WHAT TO PRODUCE: Which of the lines below contain the string "radiation"? Pull each one out of the data.

DATA TO EXAMINE:
* * *

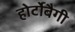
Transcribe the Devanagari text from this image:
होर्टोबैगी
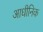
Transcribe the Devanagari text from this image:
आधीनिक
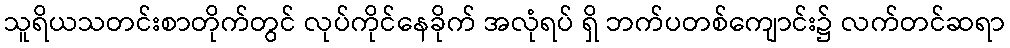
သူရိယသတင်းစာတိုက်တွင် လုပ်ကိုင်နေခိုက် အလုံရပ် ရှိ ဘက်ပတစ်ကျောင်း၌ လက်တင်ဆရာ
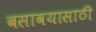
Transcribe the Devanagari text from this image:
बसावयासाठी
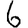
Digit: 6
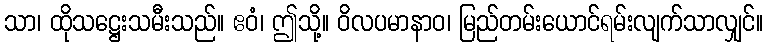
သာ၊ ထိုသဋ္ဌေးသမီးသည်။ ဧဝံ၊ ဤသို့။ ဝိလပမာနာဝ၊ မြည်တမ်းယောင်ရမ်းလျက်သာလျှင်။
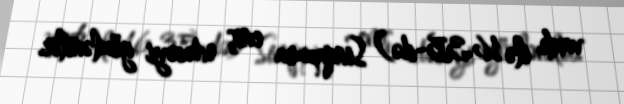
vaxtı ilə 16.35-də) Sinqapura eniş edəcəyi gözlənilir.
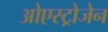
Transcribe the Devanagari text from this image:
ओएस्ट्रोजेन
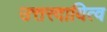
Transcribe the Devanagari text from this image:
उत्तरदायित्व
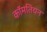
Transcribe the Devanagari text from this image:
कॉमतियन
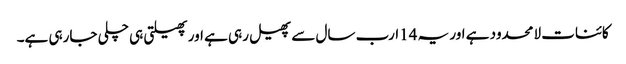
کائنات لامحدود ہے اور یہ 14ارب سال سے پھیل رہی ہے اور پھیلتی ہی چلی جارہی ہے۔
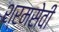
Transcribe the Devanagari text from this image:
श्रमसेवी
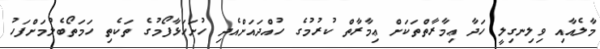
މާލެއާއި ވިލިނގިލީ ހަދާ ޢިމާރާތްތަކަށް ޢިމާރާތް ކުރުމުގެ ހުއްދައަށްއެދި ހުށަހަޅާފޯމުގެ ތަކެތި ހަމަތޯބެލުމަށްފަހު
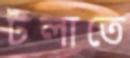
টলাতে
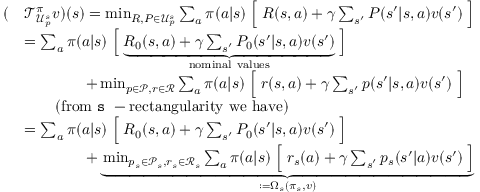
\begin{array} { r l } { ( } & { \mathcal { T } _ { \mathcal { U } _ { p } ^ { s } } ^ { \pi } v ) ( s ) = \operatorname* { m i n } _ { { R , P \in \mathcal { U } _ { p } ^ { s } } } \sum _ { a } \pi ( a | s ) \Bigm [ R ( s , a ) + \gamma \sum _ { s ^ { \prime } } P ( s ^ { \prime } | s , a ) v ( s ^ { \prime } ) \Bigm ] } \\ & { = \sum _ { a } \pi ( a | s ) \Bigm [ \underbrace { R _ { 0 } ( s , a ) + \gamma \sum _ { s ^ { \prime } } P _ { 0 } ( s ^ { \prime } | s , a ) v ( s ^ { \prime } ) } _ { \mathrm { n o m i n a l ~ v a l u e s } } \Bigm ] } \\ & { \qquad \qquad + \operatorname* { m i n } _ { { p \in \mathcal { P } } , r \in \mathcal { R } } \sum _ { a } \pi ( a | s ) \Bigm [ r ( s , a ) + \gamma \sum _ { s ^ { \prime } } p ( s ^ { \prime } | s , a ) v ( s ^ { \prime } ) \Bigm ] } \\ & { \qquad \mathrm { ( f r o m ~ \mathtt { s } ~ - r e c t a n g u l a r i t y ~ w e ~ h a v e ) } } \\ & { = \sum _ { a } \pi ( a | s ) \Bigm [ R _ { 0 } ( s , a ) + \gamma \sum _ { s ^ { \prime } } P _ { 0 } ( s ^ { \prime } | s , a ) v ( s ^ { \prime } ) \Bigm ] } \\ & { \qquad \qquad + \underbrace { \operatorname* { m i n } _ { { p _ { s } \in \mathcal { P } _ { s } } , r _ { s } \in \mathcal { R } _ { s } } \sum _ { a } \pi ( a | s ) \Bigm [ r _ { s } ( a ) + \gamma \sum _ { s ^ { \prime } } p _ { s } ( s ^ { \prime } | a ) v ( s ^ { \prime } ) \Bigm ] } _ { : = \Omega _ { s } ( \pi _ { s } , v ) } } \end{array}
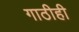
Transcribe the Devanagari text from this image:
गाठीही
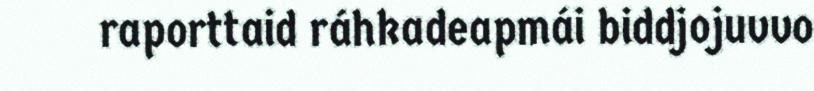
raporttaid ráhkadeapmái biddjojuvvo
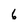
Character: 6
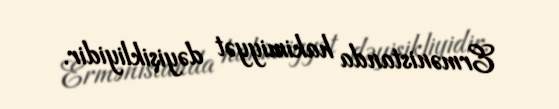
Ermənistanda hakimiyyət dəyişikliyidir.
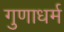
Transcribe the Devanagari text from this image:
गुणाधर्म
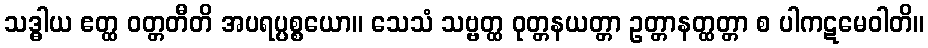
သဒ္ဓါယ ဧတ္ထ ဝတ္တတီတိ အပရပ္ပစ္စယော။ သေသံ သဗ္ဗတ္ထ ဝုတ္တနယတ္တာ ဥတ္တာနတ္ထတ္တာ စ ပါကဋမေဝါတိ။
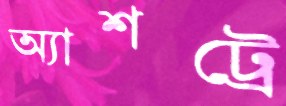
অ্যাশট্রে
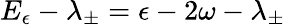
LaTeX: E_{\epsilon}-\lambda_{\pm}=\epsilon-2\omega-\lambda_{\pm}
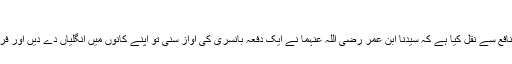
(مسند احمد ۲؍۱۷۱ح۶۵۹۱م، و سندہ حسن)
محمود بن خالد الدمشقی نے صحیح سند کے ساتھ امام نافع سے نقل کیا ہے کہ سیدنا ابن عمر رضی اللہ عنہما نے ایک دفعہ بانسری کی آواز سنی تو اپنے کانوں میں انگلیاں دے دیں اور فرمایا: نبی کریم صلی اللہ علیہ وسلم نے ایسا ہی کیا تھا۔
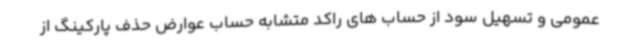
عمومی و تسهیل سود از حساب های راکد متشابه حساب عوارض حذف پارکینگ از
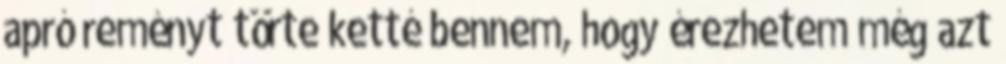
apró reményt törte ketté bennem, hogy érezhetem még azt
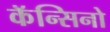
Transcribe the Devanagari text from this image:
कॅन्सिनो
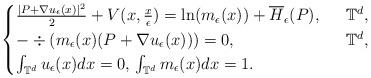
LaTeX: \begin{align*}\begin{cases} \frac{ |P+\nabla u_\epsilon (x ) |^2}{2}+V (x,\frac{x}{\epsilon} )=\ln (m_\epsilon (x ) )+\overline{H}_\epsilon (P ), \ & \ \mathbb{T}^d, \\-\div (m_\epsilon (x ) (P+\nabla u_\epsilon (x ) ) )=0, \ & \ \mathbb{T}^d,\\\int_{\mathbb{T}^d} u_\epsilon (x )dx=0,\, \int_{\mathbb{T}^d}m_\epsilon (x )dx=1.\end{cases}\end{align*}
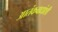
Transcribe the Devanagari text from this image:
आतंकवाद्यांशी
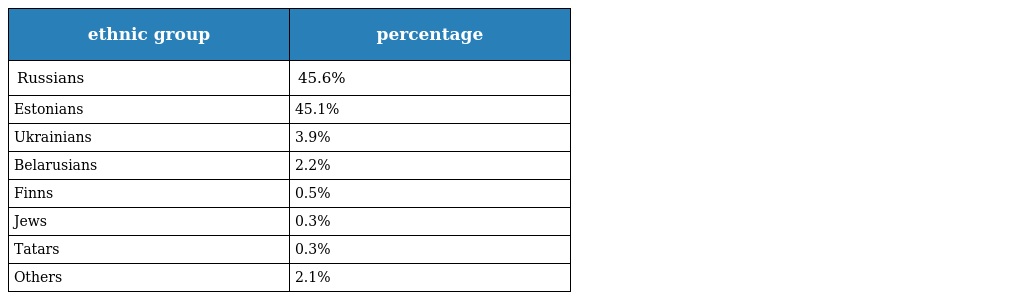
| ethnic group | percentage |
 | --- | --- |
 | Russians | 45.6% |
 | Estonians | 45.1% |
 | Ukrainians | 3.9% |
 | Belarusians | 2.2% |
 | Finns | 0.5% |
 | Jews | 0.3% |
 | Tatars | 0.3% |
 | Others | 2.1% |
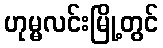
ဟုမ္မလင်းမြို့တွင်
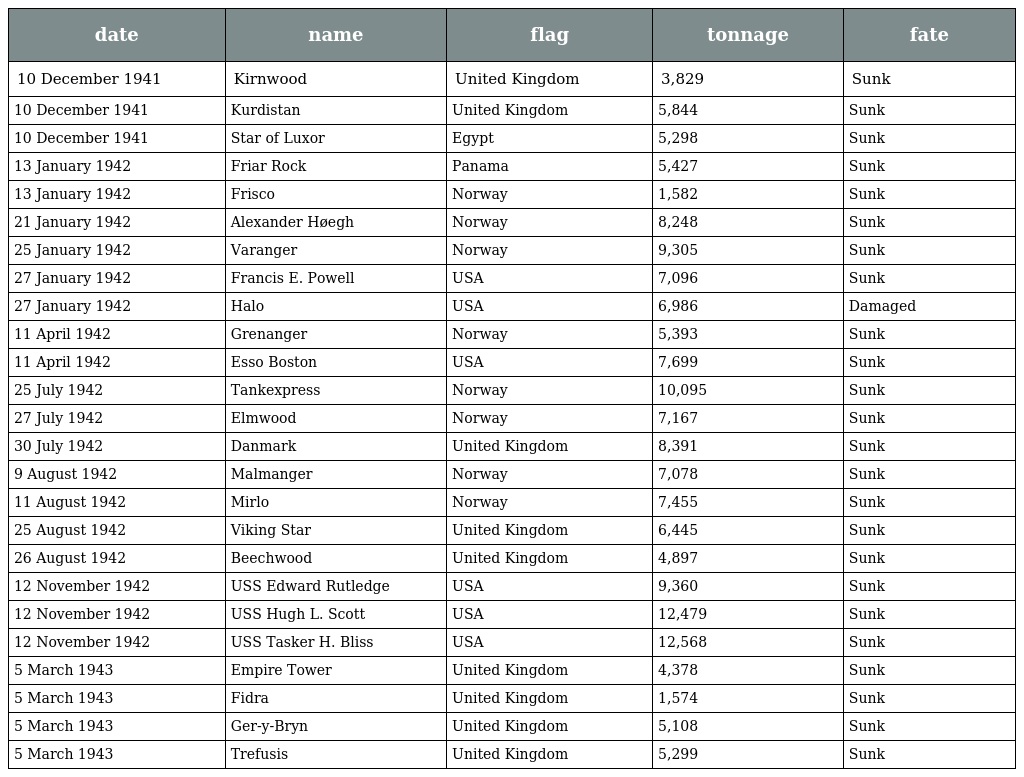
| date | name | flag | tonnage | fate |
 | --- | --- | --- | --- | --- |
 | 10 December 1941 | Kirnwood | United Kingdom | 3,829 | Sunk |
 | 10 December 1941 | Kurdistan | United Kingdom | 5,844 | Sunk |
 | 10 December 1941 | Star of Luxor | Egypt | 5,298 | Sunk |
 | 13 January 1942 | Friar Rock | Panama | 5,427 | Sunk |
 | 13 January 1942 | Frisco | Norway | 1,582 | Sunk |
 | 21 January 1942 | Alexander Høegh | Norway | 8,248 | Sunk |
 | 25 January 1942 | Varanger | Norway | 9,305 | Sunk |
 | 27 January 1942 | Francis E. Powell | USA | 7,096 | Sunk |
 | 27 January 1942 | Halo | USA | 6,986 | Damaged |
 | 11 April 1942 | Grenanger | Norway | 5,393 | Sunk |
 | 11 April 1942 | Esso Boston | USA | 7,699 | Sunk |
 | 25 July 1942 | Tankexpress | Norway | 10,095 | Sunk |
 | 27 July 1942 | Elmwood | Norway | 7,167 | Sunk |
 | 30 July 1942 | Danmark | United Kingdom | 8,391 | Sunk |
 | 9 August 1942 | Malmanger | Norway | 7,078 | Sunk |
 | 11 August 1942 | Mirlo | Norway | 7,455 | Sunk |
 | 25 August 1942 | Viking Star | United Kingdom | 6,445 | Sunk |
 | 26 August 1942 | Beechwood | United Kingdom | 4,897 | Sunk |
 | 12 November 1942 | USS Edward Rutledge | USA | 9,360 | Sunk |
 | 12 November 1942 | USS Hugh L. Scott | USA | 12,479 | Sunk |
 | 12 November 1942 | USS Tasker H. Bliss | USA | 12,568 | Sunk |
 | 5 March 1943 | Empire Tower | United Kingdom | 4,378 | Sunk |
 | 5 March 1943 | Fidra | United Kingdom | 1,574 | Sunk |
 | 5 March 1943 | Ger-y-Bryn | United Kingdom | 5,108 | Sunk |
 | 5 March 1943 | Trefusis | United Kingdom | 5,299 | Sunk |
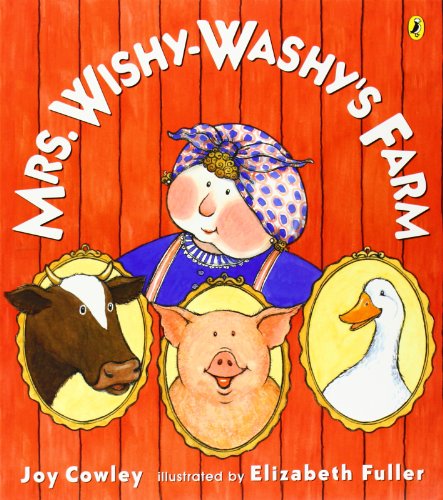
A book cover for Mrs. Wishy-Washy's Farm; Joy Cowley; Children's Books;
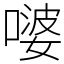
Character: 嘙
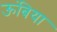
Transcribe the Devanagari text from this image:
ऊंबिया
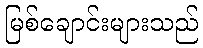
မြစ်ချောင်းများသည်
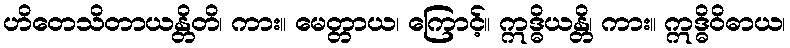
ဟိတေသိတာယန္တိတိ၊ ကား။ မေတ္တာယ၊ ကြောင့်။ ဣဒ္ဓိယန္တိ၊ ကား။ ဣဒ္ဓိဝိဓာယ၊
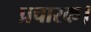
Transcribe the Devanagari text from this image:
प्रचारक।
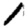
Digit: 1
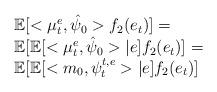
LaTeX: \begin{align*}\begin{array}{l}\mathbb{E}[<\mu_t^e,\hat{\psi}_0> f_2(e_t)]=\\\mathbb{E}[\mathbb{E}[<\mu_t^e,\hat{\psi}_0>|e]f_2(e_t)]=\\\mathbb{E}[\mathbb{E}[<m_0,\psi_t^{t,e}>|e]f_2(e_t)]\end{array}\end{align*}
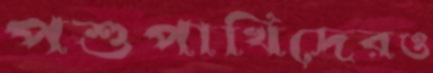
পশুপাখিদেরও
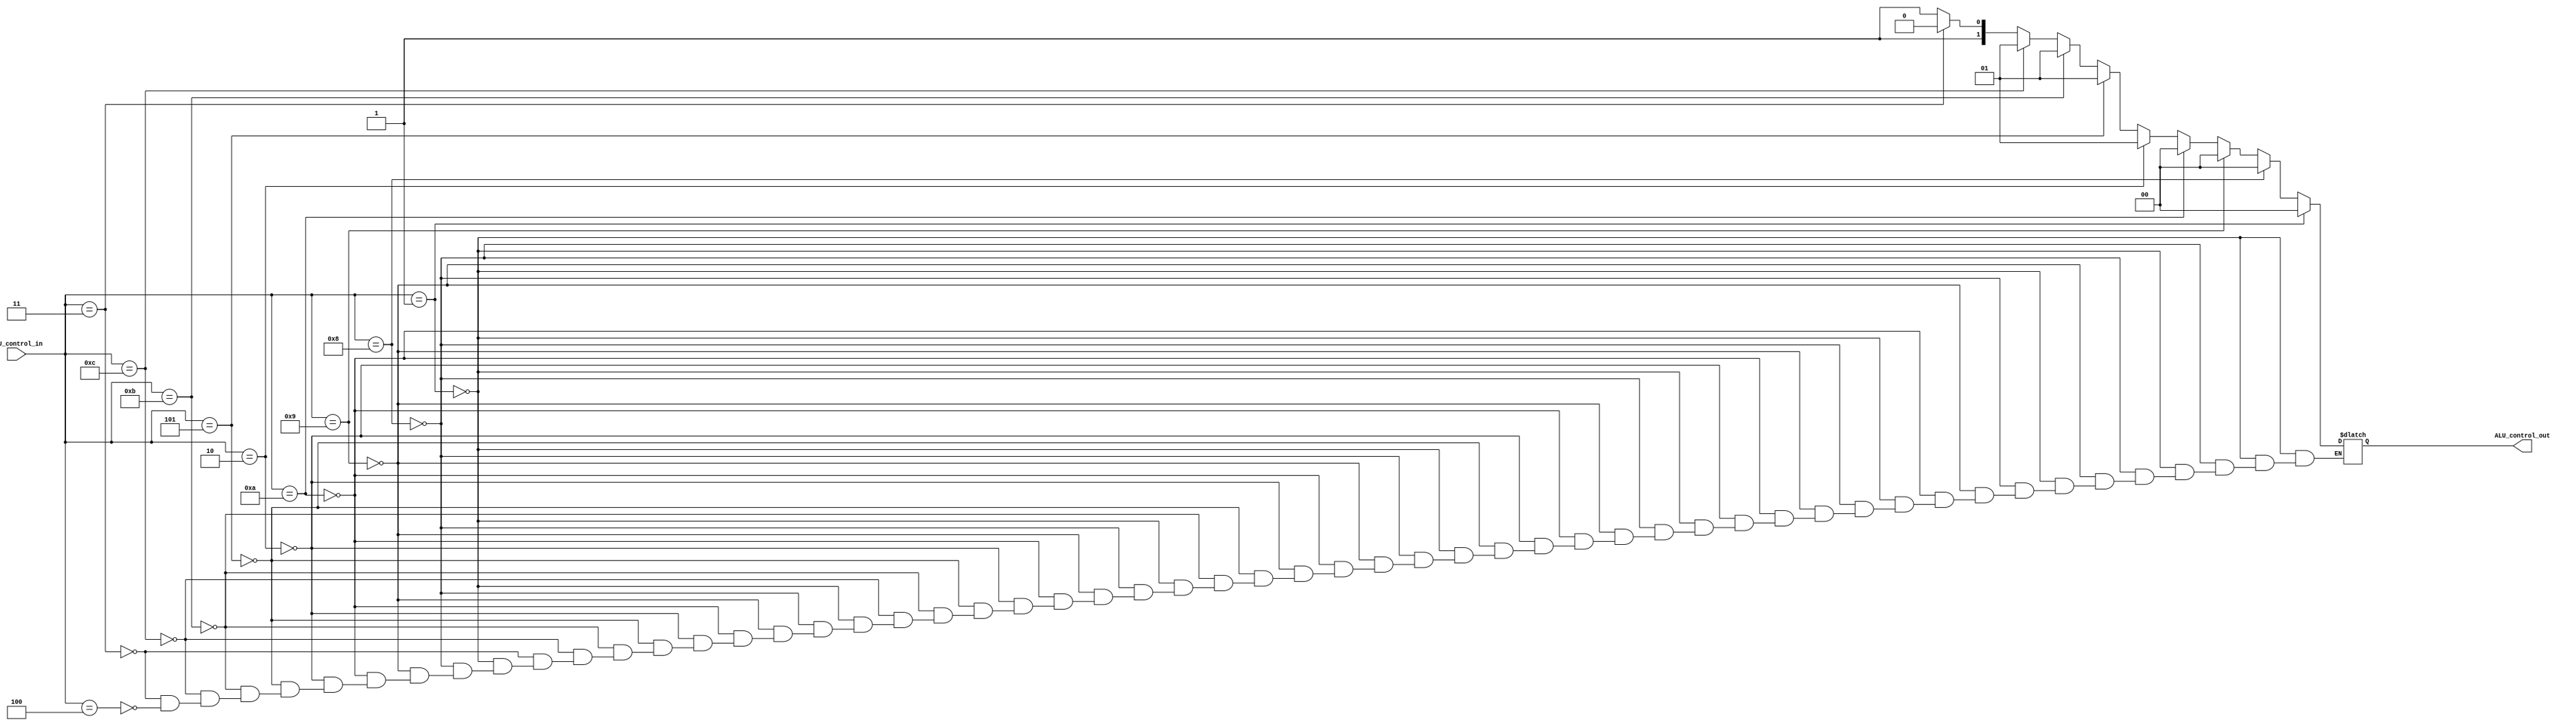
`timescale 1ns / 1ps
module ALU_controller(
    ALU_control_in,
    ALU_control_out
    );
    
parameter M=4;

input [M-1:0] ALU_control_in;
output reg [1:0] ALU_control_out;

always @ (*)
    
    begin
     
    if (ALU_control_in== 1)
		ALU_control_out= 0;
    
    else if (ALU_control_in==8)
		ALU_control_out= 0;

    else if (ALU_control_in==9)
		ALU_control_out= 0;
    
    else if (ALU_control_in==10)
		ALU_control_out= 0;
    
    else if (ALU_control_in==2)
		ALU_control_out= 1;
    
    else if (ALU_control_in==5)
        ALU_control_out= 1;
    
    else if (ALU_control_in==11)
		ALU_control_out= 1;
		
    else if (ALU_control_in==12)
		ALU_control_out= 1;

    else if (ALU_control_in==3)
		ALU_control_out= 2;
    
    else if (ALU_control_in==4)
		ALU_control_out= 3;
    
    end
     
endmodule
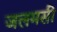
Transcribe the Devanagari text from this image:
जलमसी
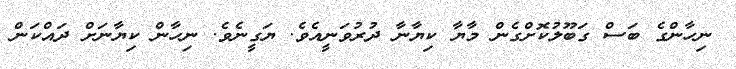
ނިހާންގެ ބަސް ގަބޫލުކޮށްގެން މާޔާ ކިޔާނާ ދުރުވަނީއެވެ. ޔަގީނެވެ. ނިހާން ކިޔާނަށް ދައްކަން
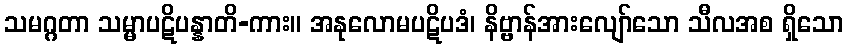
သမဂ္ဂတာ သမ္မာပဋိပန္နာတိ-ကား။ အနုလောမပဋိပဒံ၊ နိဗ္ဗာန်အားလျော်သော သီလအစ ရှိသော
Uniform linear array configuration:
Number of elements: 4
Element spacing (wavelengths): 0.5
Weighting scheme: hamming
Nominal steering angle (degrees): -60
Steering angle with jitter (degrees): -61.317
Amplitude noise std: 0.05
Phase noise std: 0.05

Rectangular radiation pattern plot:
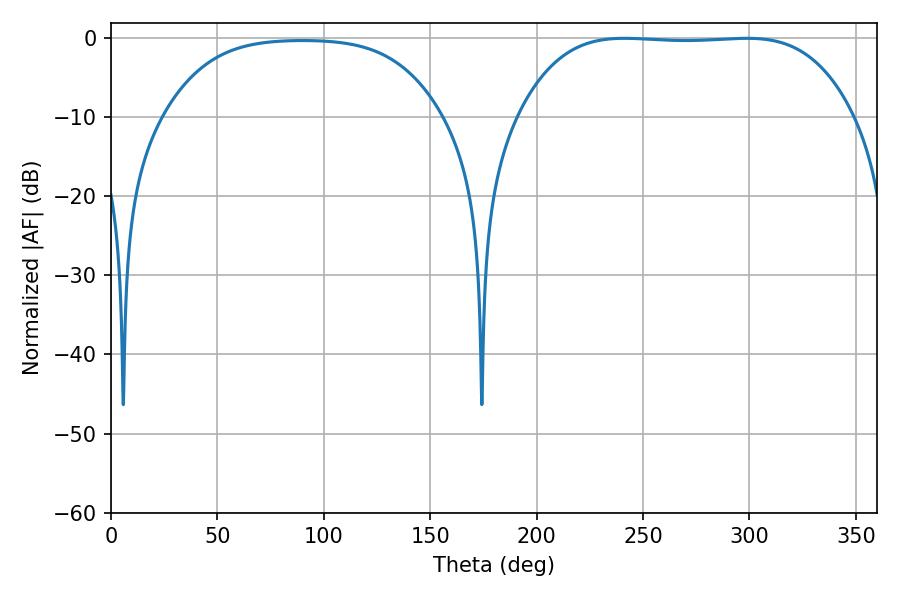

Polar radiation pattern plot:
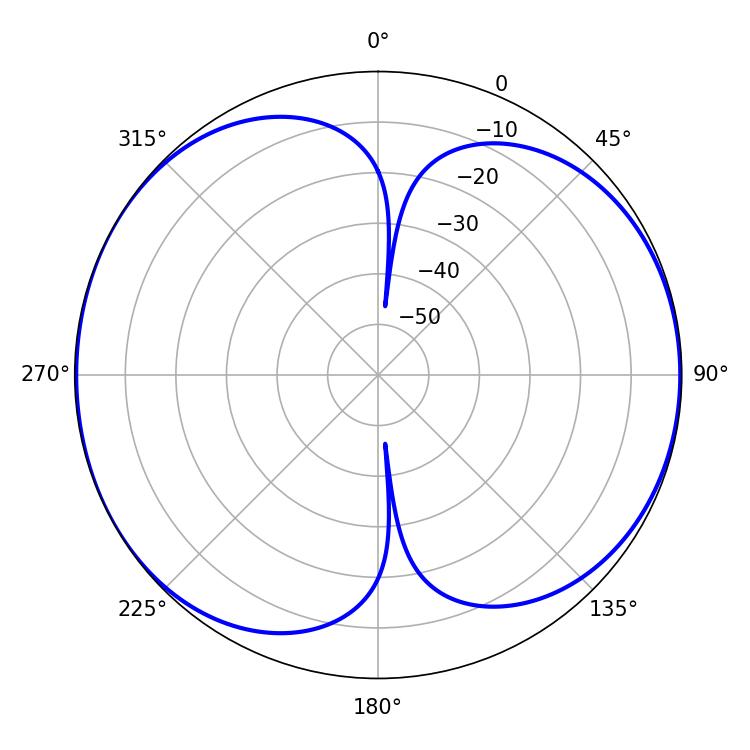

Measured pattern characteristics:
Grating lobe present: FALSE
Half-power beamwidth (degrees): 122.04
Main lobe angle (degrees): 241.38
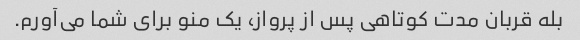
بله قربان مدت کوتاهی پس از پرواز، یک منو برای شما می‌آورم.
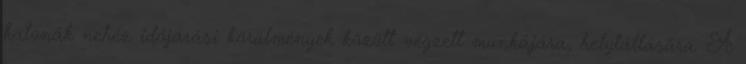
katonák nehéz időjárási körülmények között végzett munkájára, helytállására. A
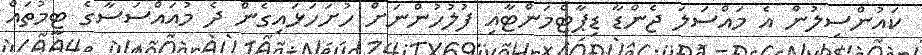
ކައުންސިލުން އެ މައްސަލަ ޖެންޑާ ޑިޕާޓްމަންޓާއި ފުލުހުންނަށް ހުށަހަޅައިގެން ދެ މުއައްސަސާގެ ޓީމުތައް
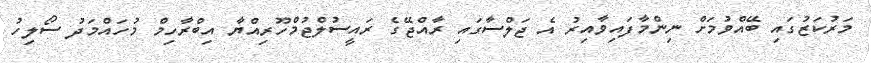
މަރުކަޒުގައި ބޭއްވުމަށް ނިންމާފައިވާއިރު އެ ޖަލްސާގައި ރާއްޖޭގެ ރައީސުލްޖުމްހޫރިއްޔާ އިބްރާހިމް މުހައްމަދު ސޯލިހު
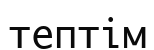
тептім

* * *

ANSWER BOX:
Rectangular radiation pattern plot:
Polar radiation pattern plot:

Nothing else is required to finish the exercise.